I recently added several collections on my Oasis2.  They appear on the front screen of the Oasis and are in alphabetical order.  I want them to be in a different order.  Can that be done?  I've thought about numbering each collection or putting A-B-C at the beginning of the Collection name but would prefer to just rearrange them.


----------



## Linjeakel (Mar 17, 2010)

You can't choose the order, it's strictly alphabetical. The only way to change it to suit yourself is to put a number or symbol - or spaces I think - in front of the title as numbers and symbols are counted as coming first, alphabetically speaking. 
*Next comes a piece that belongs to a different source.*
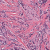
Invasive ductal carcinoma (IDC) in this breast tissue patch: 1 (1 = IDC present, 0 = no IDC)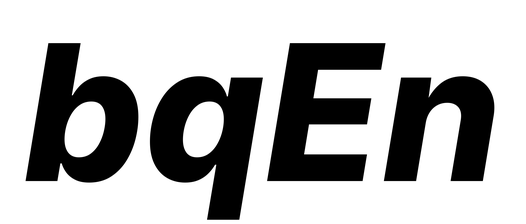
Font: Inter-Italic_ExtraBold_Italic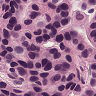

If you use symbols, you'll have to experiment to see which order they come in. Some years ago when this problem first came up, I think someone on here did make a list of symbol order, but I have no idea which thread that was in, you'd have to try searching - unless anyone else can remember?


----------



## Ann in Arlington (Oct 27, 2008)

Linjeakel said:


> You can't choose the order, it's strictly alphabetical. The only way to change it to suit yourself is to put a number or symbol - or spaces I think - in front of the title as numbers and symbols are counted as coming first, alphabetically speaking.
> 
> If you use symbols, you'll have to experiment to see which order they come in. Some years ago when this problem first came up, I think someone on here did make a list of symbol order, but I have no idea which thread that was in, you'd have to try searching - unless anyone else can remember?


I remember that thread! No idea what it was called, though, so would be hard to search. Also, I think, at some point, the order changed for non alpha-numeric characters.


----------



## etexlady (May 27, 2009)

Thanks for the suggestions.  Since it was alphabetical only, I ended up changing the names of some of the Collections so they are in an order I can live with.


----------